> **What this task involves**
Find "[200200 ms]" below and begin at its line; stop after the line with "[204800 ms]". Output those lines exactly, without pictures.

> **Stored dataset items**

◆ ◆ ◆ ◆ ◆

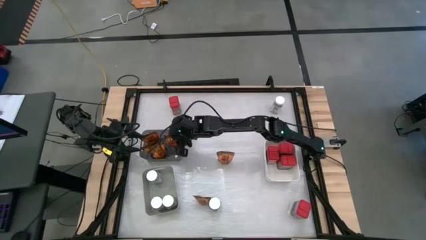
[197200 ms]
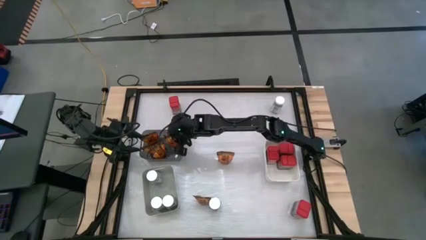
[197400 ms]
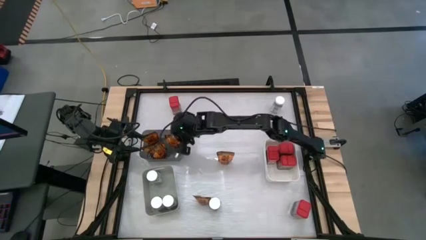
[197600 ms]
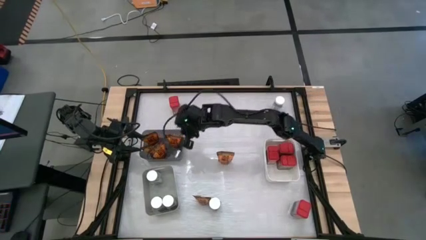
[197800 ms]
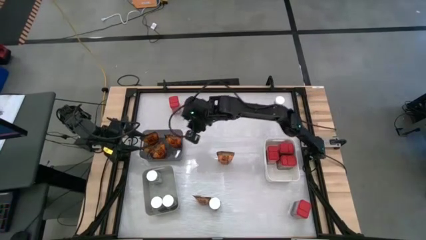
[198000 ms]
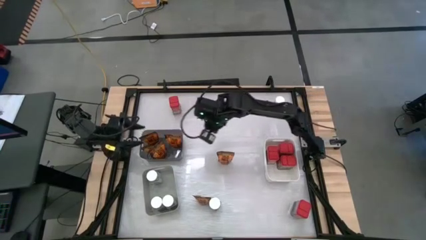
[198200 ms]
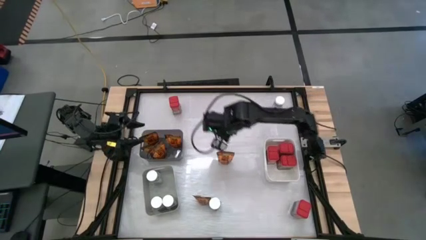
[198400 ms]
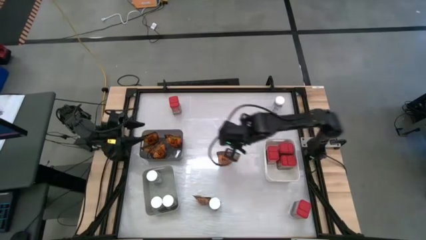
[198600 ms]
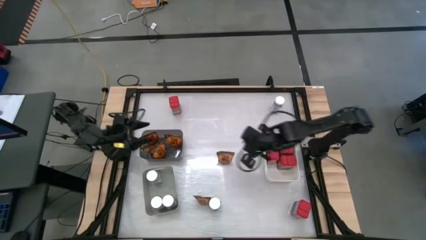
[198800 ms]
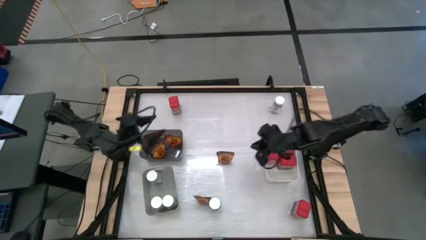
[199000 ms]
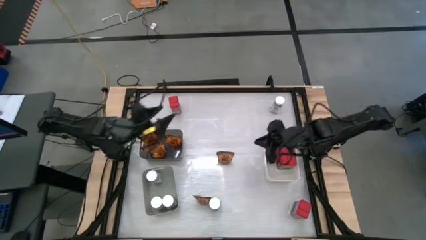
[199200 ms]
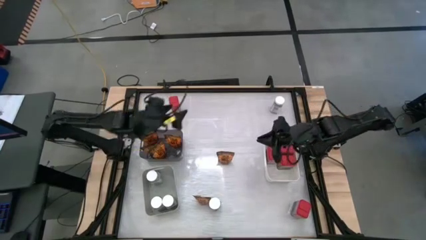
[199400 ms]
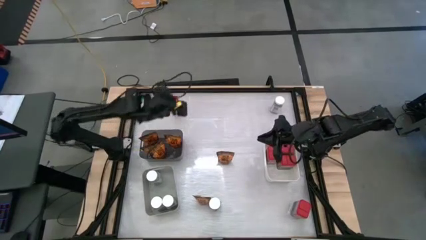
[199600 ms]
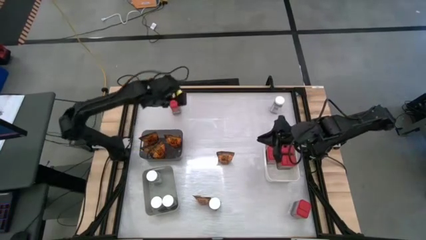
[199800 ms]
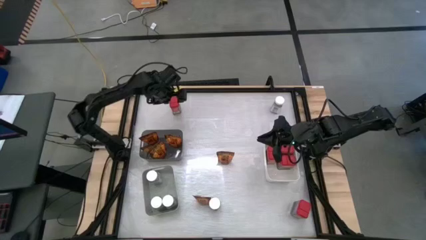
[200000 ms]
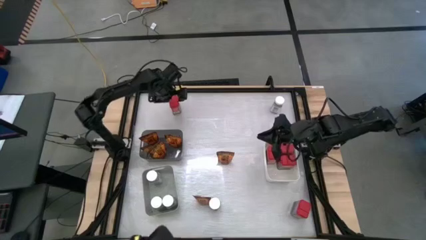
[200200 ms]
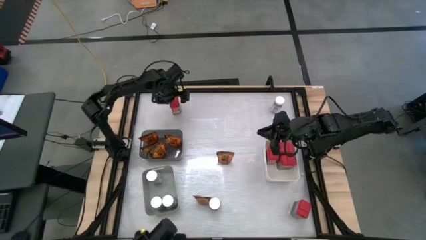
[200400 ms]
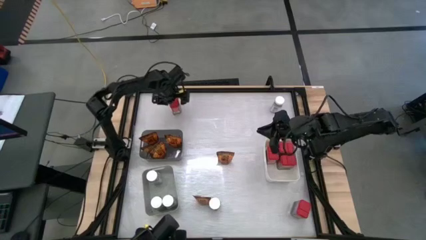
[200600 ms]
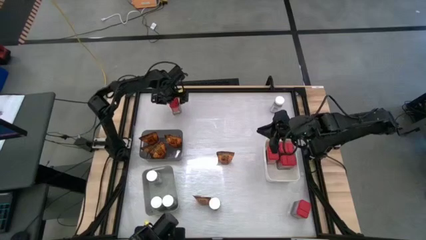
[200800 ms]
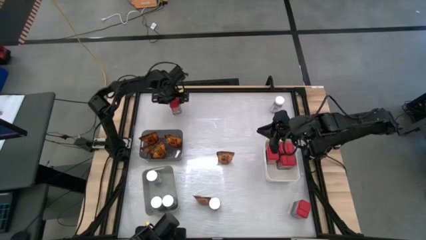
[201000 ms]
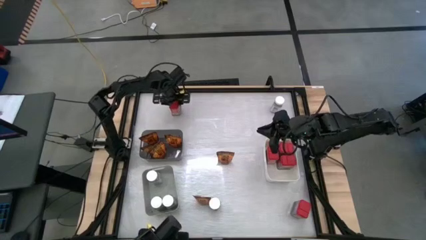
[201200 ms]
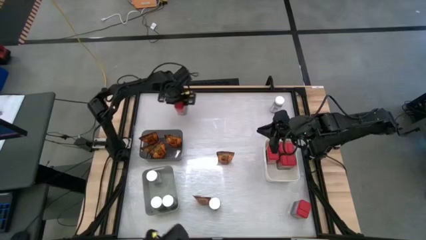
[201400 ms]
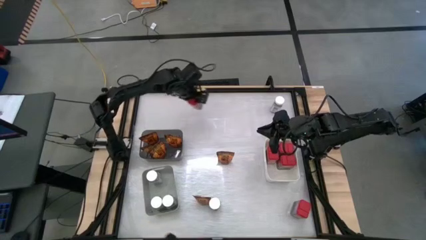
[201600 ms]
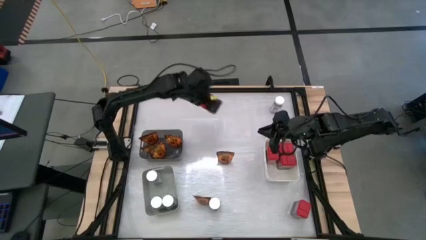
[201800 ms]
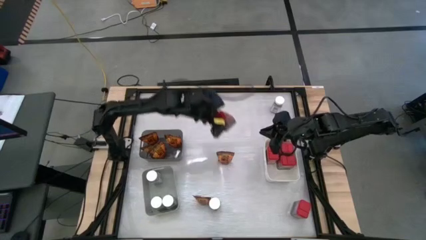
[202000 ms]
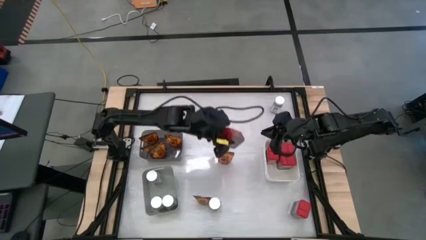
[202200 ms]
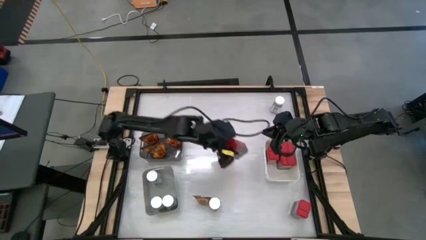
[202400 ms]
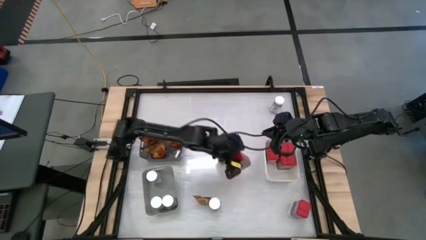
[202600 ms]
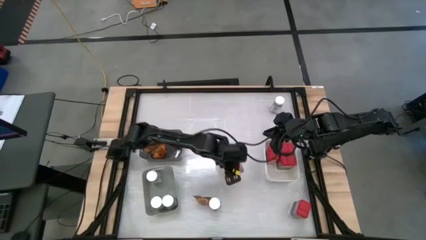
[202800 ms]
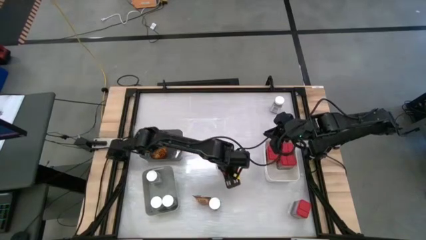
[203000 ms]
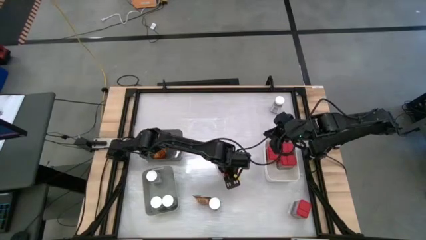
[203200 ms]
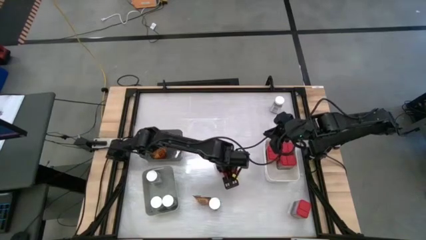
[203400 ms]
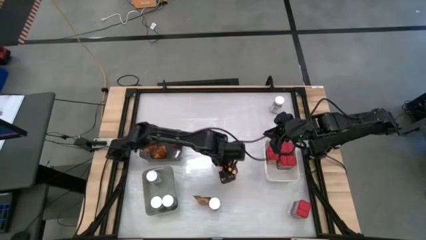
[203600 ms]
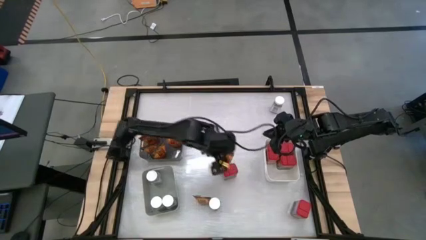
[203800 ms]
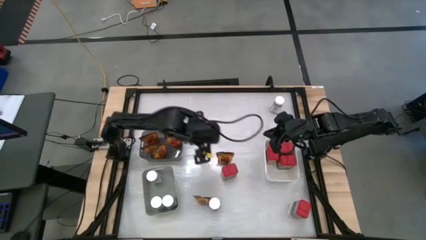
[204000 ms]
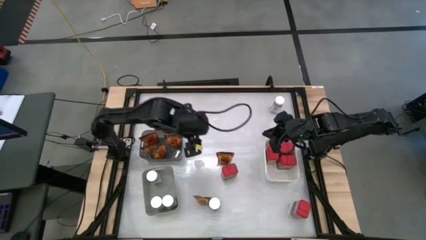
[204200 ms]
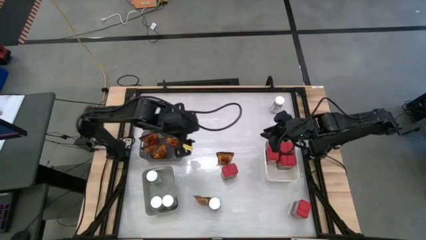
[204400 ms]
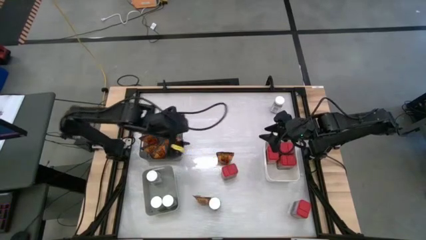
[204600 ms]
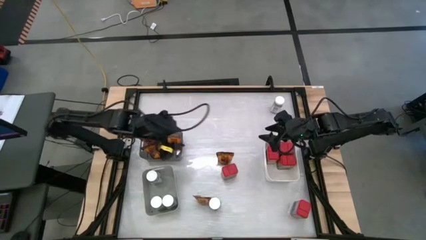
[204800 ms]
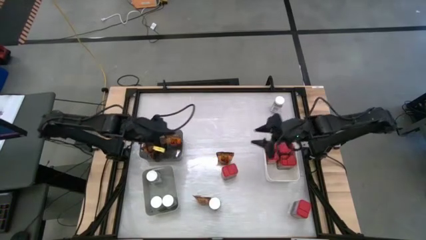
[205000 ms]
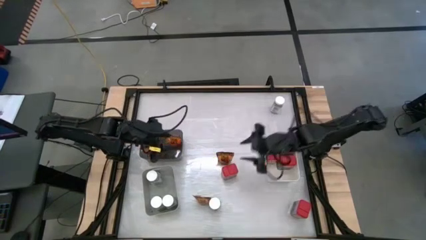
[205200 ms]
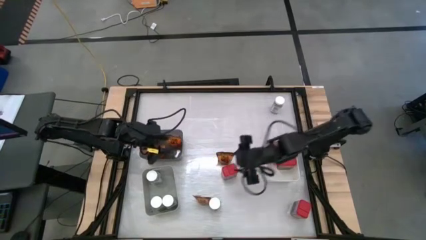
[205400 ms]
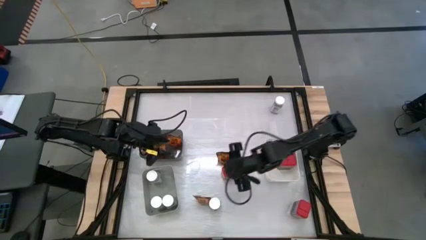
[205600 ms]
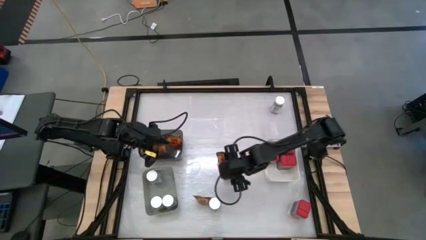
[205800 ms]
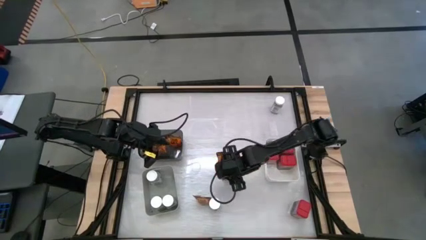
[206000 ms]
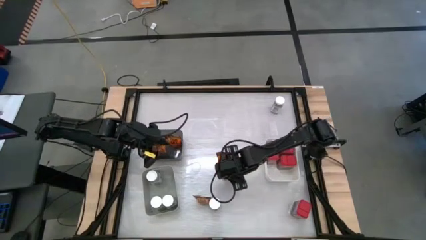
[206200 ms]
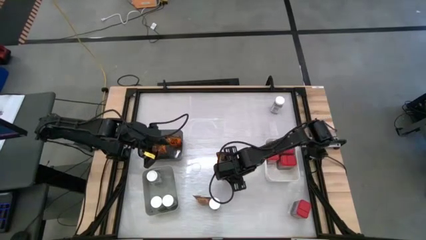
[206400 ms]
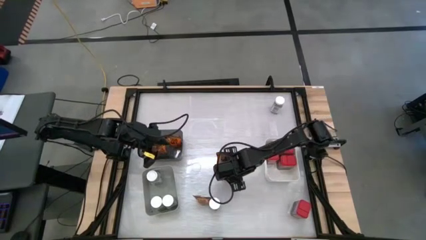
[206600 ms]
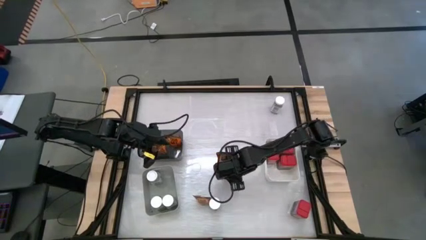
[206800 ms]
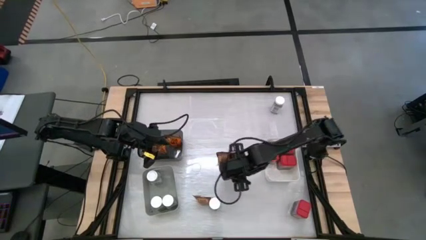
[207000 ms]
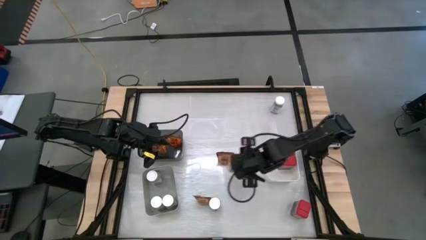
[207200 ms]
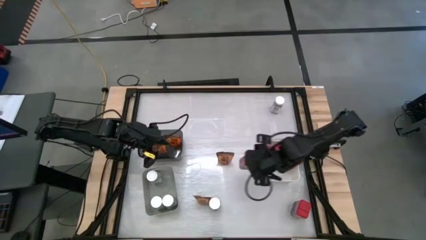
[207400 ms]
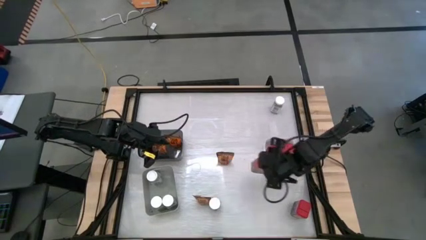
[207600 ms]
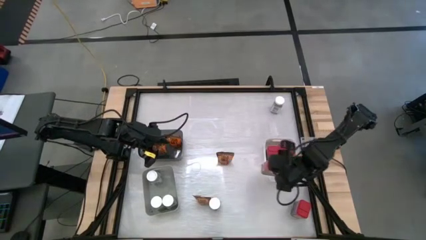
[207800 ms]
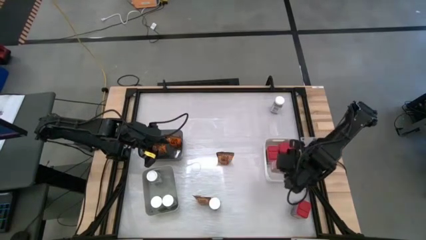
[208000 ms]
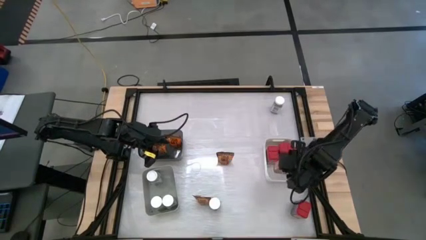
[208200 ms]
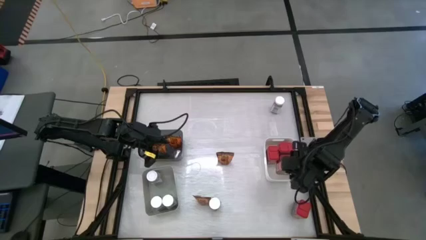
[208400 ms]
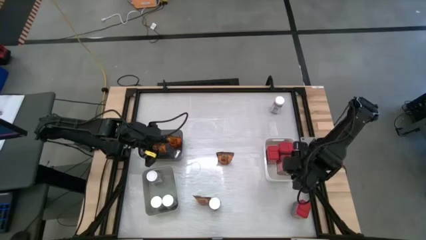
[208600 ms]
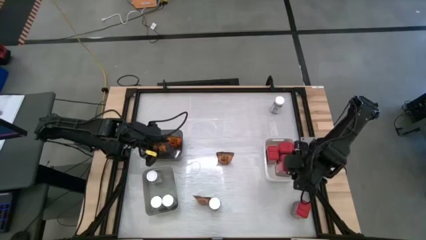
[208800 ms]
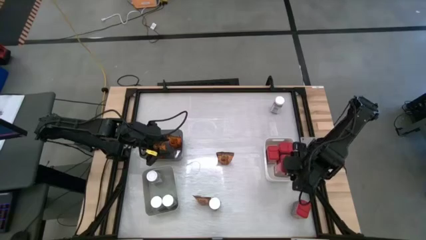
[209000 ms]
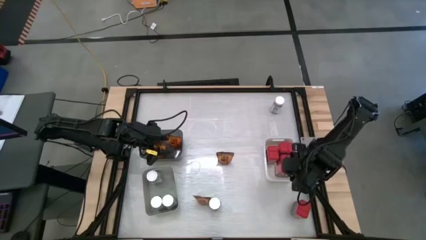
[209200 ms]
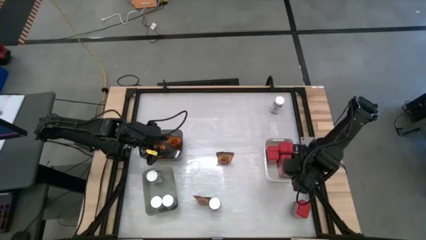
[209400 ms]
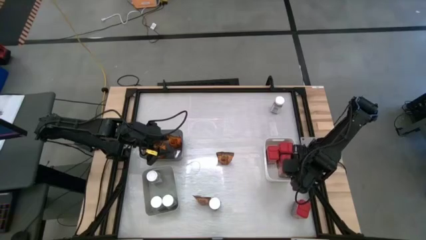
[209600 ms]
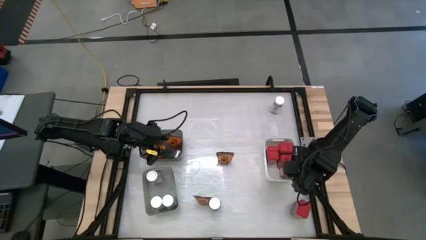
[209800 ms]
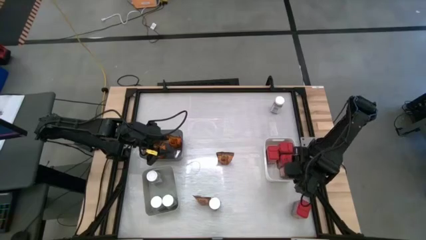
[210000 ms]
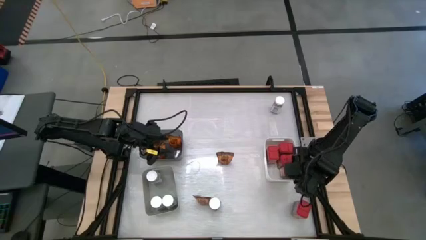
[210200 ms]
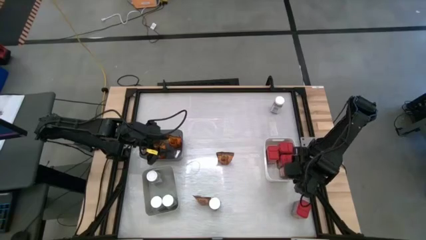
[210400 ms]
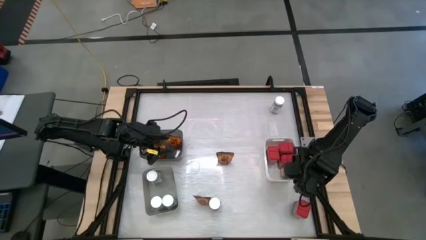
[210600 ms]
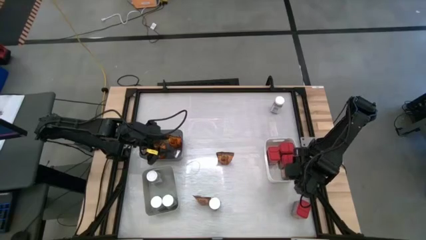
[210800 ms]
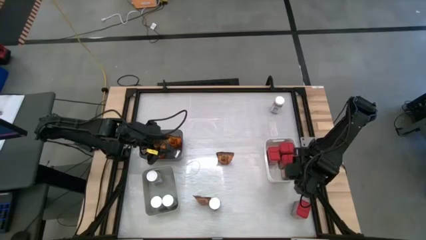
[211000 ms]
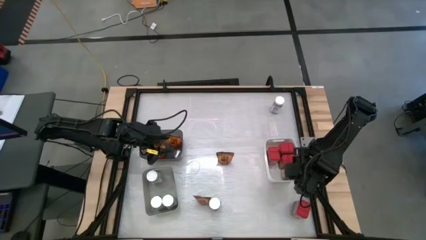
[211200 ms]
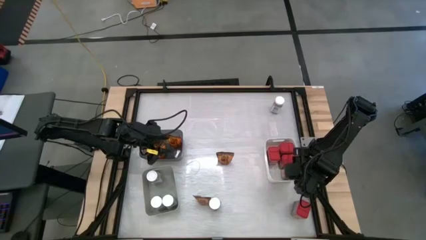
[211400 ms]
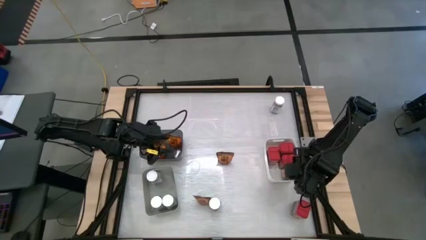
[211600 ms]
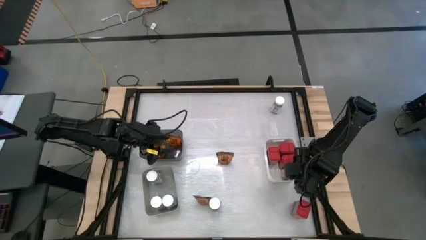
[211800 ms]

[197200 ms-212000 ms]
Task: Sort spices by type
Put the red spice can into the white bin

◆ ◆ ◆ ◆ ◆

> **Solved exercise**
[200200 ms]
[200400 ms]
[200600 ms]
[200800 ms]
[201000 ms]
[201200 ms]
[201400 ms]
[201600 ms]
[201800 ms]
[202000 ms]
[202200 ms]
[202400 ms]
[202600 ms]
[202800 ms]
[203000 ms]
[203200 ms]
[203400 ms]
[203600 ms]
[203800 ms]
[204000 ms]
[204200 ms]
[204400 ms]
[204600 ms]
[204800 ms]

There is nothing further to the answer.